## [Directions for this task]
The complete listing goes into the output exactly, without its pictures.
---------- Material provided ----------
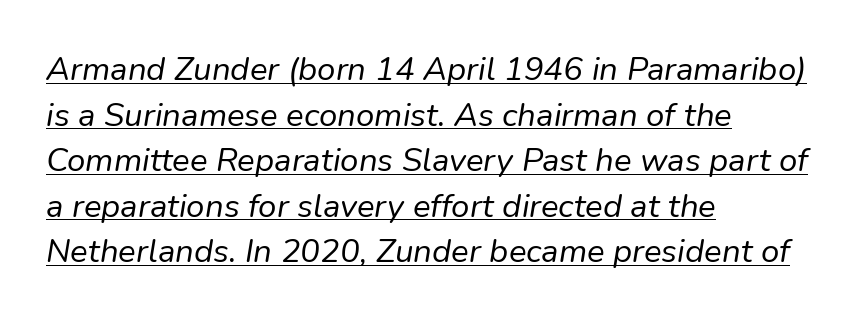
The image shows 33 px regular-weight type, italic (leaning right); set left-aligned, normal line spacing (1.38x), normal letter spacing, underlined; low stroke contrast and a medium x-height.
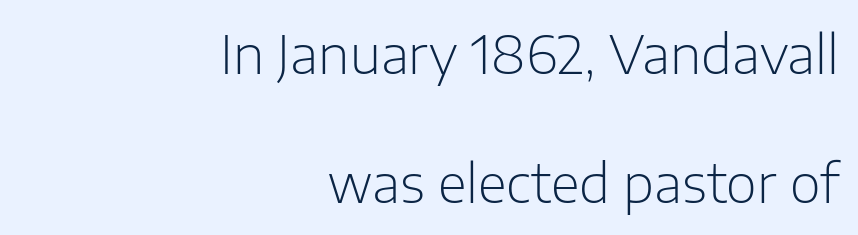
The image shows 53 px light sans-serif type, upright; set right-aligned, loose line spacing (2.44x), normal letter spacing, not underlined; low stroke contrast and a medium x-height.
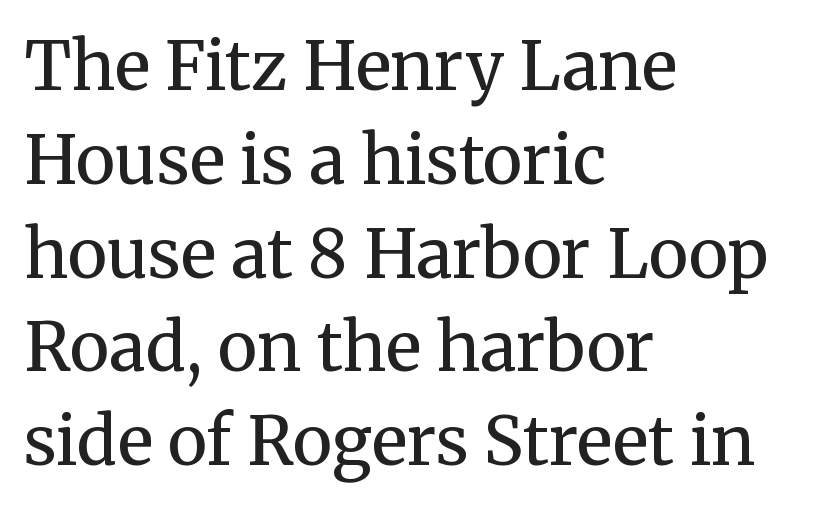
The image shows 67 px regular-weight serif type, upright; set left-aligned, normal line spacing (1.4x), normal letter spacing, not underlined; medium stroke contrast and a medium x-height.
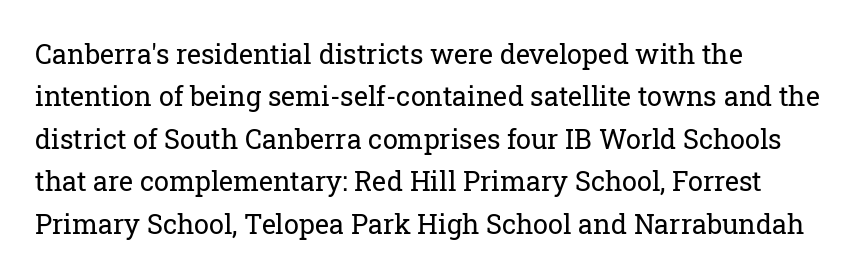
Characters follow at the spacing the type designer built in. Where is the straight margin? On the left. Weight: regular or lighter. Check the space under the baseline: it is left empty. Each new line begins a customary step beneath the previous one.
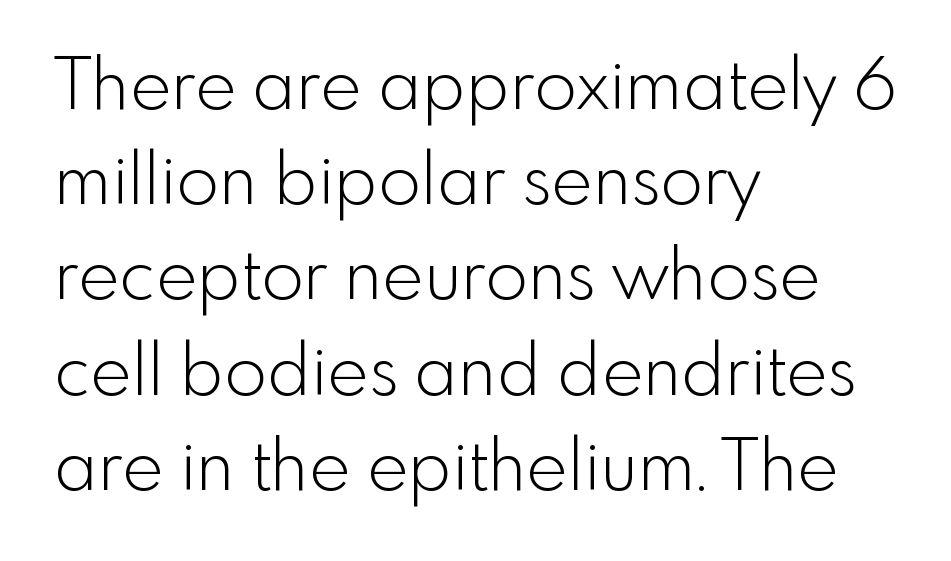
{"serif": "no", "italic": "no", "bold": "no", "weight": "light", "width": "normal", "x_height": "small", "monospaced": "no", "underline": "no", "align": "left", "line_spacing": "normal", "line_spacing_ratio": 1.36, "letter_spacing": "normal", "letter_spacing_em": 0.0, "glyph_px": 70}
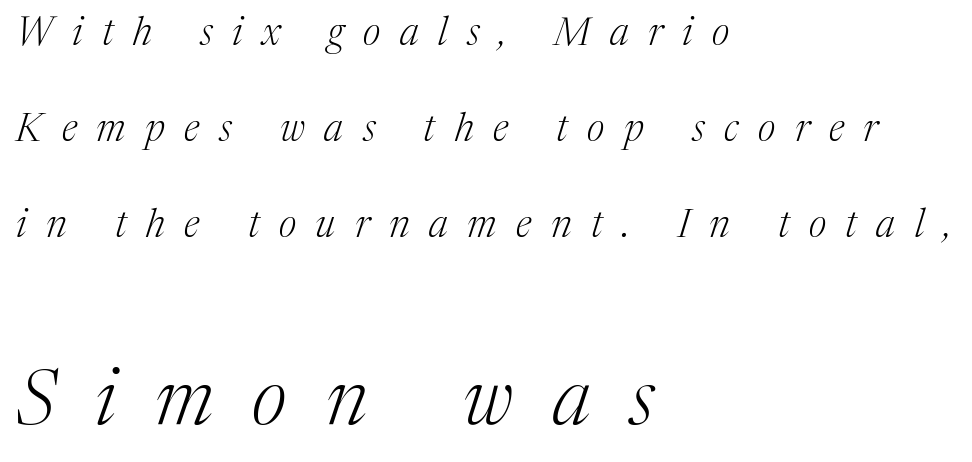
Q: Is the text bold? A: No.
Q: Is the text italic (slanted)? A: Yes, it leans right by about 17 degrees.
Q: Is the typeface a serif or a sans-serif typeface? A: Serif.
Q: Is the text underlined? A: No.
Q: How is the paragraph aligned? A: Left-aligned.
Q: Is the spacing between letters normal or unusually wide? A: Unusually wide.
Q: Is the spacing between lines tight, normal or loose? A: Loose.
Q: Which block of text is set in a larger size, the first (top) or the second (bottom)? A: The second (bottom) one.
Q: Width (condensed, normal, or wide)? A: Normal.
Q: Stroke contrast? A: Medium.
Q: x-height? A: Medium.
Q: Monospaced? A: No.
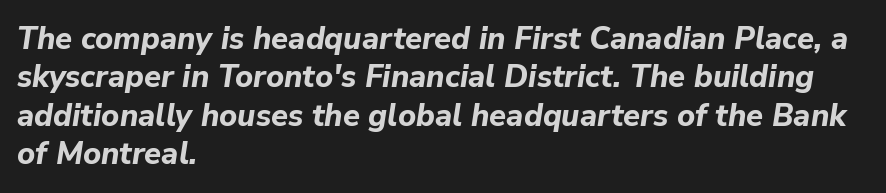
How heavy is the stroke? Heavy — this is a bold. This rendering uses left alignment, leaving the right contour irregular. The baseline area is clear. Spacing verdict: proportional, widths tailored to each character. This sample uses plain, unmodified letter spacing. Is the type slanted? Yes — the strokes lean at a clear angle.
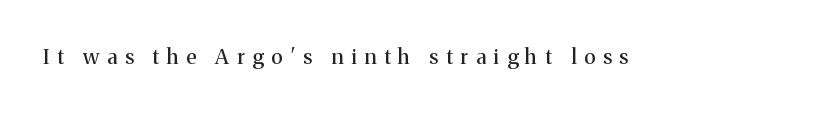
Look at the tracking — it's clearly loosened, letters drifting apart. Unlike italic type, these characters show no tilt at all. A quiet, ordinary-to-light weight characterises the typeface. This rendering features lettering with no underline.
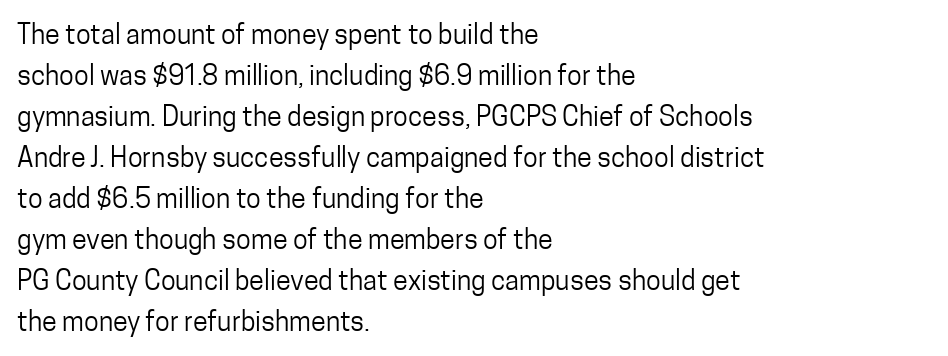
On a weight scale, this lands at 450 or below. The passage shown has conventional tracking throughout. A normal amount of white space separates one row of letters from the next. The rag falls on the right side of this text block.
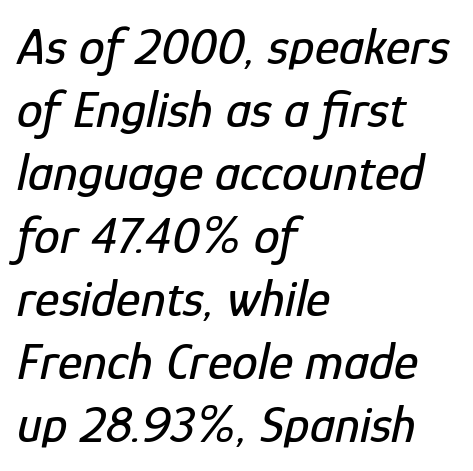
{"italic": "yes", "lean": "right", "slant_degrees": 12, "width": "condensed", "stroke_contrast": "low", "x_height": "medium", "monospaced": "no", "underline": "no", "align": "left", "line_spacing_ratio": 1.21, "letter_spacing": "normal", "letter_spacing_em": 0.0, "glyph_px": 52}
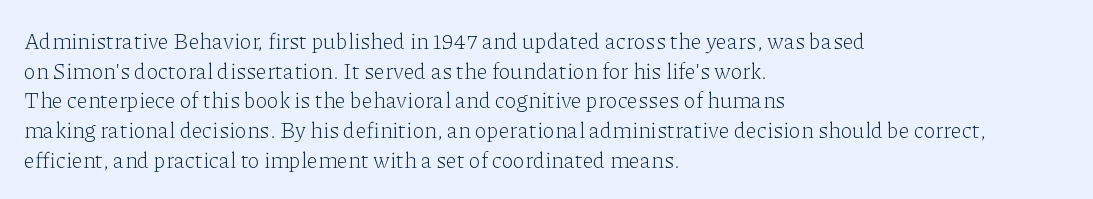
{"italic": "no", "bold": "no", "underline": "no", "align": "left", "line_spacing": "normal", "line_spacing_ratio": 1.35, "letter_spacing": "normal", "letter_spacing_em": 0.0, "glyph_px": 22}
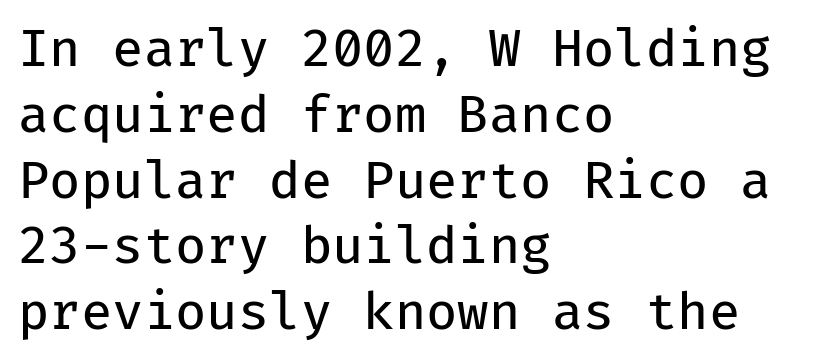
{"serif": "no", "italic": "no", "bold": "no", "weight": "regular", "width": "normal", "stroke_contrast": "low", "x_height": "medium", "monospaced": "yes", "underline": "no", "align": "left", "line_spacing": "normal", "line_spacing_ratio": 1.29, "letter_spacing": "normal", "letter_spacing_em": 0.0, "glyph_px": 51}
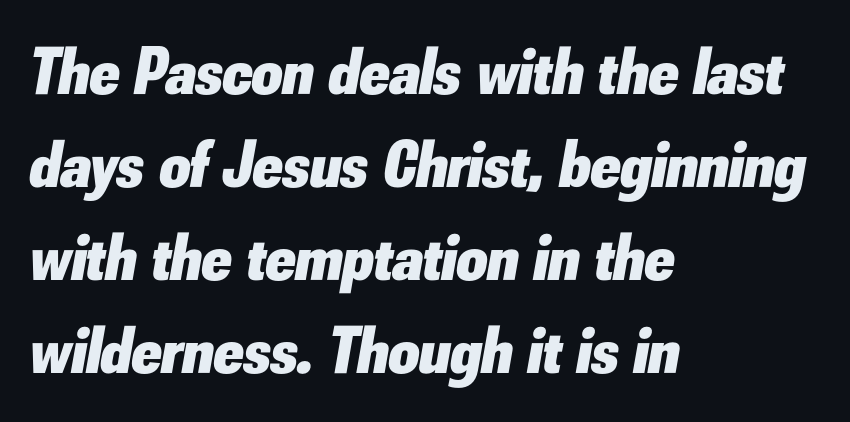
Q: Is the text bold? A: Yes.
Q: Is the text italic (slanted)? A: Yes, it leans right by about 10 degrees.
Q: Is the text underlined? A: No.
Q: How is the paragraph aligned? A: Left-aligned.
Q: Is the spacing between letters normal or unusually wide? A: Normal.
Q: Is the spacing between lines tight, normal or loose? A: Normal.
Q: Width (condensed, normal, or wide)? A: Normal.
Q: Stroke contrast? A: Low.
Q: x-height? A: Small.
Q: Monospaced? A: No.
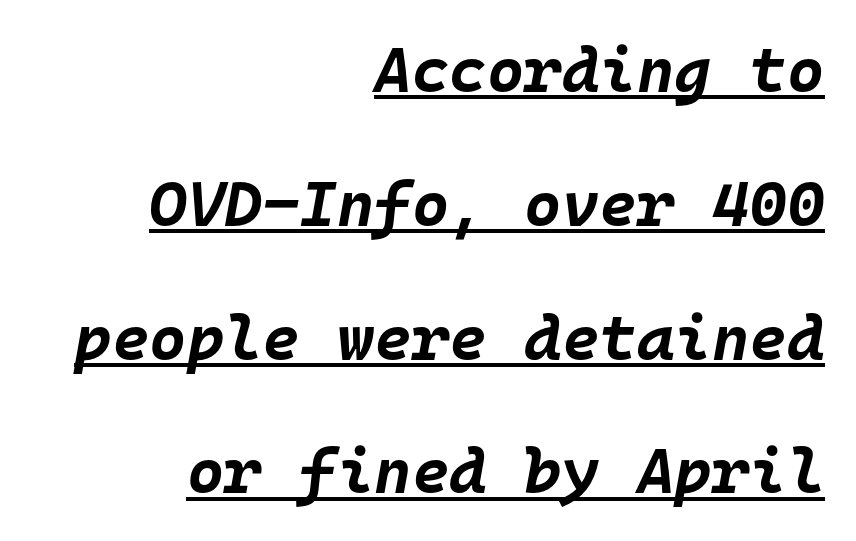
{"italic": "yes", "lean": "right", "slant_degrees": 10, "bold": "yes", "weight": "bold", "width": "normal", "stroke_contrast": "low", "x_height": "large", "monospaced": "yes", "underline": "yes", "align": "right", "line_spacing": "loose", "line_spacing_ratio": 2.09, "letter_spacing": "normal", "letter_spacing_em": 0.0, "glyph_px": 64}
----------
## [Task answer]
The image shows 33 px regular-weight type, italic (leaning right); set left-aligned, normal line spacing (1.38x), normal letter spacing, underlined; low stroke contrast and a medium x-height.
The image shows 53 px light sans-serif type, upright; set right-aligned, loose line spacing (2.44x), normal letter spacing, not underlined; low stroke contrast and a medium x-height.
The image shows 67 px regular-weight serif type, upright; set left-aligned, normal line spacing (1.4x), normal letter spacing, not underlined; medium stroke contrast and a medium x-height.
Characters follow at the spacing the type designer built in. Where is the straight margin? On the left. Weight: regular or lighter. Check the space under the baseline: it is left empty. Each new line begins a customary step beneath the previous one.
{"serif": "no", "italic": "no", "bold": "no", "weight": "light", "width": "normal", "x_height": "small", "monospaced": "no", "underline": "no", "align": "left", "line_spacing": "normal", "line_spacing_ratio": 1.36, "letter_spacing": "normal", "letter_spacing_em": 0.0, "glyph_px": 70}
Q: Is the text bold? A: No.
Q: Is the text italic (slanted)? A: Yes, it leans right by about 17 degrees.
Q: Is the typeface a serif or a sans-serif typeface? A: Serif.
Q: Is the text underlined? A: No.
Q: How is the paragraph aligned? A: Left-aligned.
Q: Is the spacing between letters normal or unusually wide? A: Unusually wide.
Q: Is the spacing between lines tight, normal or loose? A: Loose.
Q: Which block of text is set in a larger size, the first (top) or the second (bottom)? A: The second (bottom) one.
Q: Width (condensed, normal, or wide)? A: Normal.
Q: Stroke contrast? A: Medium.
Q: x-height? A: Medium.
Q: Monospaced? A: No.
How heavy is the stroke? Heavy — this is a bold. This rendering uses left alignment, leaving the right contour irregular. The baseline area is clear. Spacing verdict: proportional, widths tailored to each character. This sample uses plain, unmodified letter spacing. Is the type slanted? Yes — the strokes lean at a clear angle.
Look at the tracking — it's clearly loosened, letters drifting apart. Unlike italic type, these characters show no tilt at all. A quiet, ordinary-to-light weight characterises the typeface. This rendering features lettering with no underline.
On a weight scale, this lands at 450 or below. The passage shown has conventional tracking throughout. A normal amount of white space separates one row of letters from the next. The rag falls on the right side of this text block.
{"italic": "yes", "lean": "right", "slant_degrees": 12, "width": "condensed", "stroke_contrast": "low", "x_height": "medium", "monospaced": "no", "underline": "no", "align": "left", "line_spacing_ratio": 1.21, "letter_spacing": "normal", "letter_spacing_em": 0.0, "glyph_px": 52}
{"italic": "no", "bold": "no", "underline": "no", "align": "left", "line_spacing": "normal", "line_spacing_ratio": 1.35, "letter_spacing": "normal", "letter_spacing_em": 0.0, "glyph_px": 22}
{"serif": "no", "italic": "no", "bold": "no", "weight": "regular", "width": "normal", "stroke_contrast": "low", "x_height": "medium", "monospaced": "yes", "underline": "no", "align": "left", "line_spacing": "normal", "line_spacing_ratio": 1.29, "letter_spacing": "normal", "letter_spacing_em": 0.0, "glyph_px": 51}
Q: Is the text bold? A: Yes.
Q: Is the text italic (slanted)? A: Yes, it leans right by about 10 degrees.
Q: Is the text underlined? A: No.
Q: How is the paragraph aligned? A: Left-aligned.
Q: Is the spacing between letters normal or unusually wide? A: Normal.
Q: Is the spacing between lines tight, normal or loose? A: Normal.
Q: Width (condensed, normal, or wide)? A: Normal.
Q: Stroke contrast? A: Low.
Q: x-height? A: Small.
Q: Monospaced? A: No.
{"italic": "yes", "lean": "right", "slant_degrees": 10, "bold": "yes", "weight": "bold", "width": "normal", "stroke_contrast": "low", "x_height": "large", "monospaced": "yes", "underline": "yes", "align": "right", "line_spacing": "loose", "line_spacing_ratio": 2.09, "letter_spacing": "normal", "letter_spacing_em": 0.0, "glyph_px": 64}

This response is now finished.